TASK INPUTS:
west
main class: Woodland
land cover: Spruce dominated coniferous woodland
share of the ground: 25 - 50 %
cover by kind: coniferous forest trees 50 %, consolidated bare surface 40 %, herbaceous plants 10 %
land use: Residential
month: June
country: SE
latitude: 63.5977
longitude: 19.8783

HOW TO COMPLETE THIS TASK: Repeat all of the data exactly as given.

EXERCISE ANSWER:
west
main class: Woodland
land cover: Spruce dominated coniferous woodland
share of the ground: 25 - 50 %
cover by kind: coniferous forest trees 50 %, consolidated bare surface 40 %, herbaceous plants 10 %
land use: Residential
month: June
country: SE
latitude: 63.5977
longitude: 19.8783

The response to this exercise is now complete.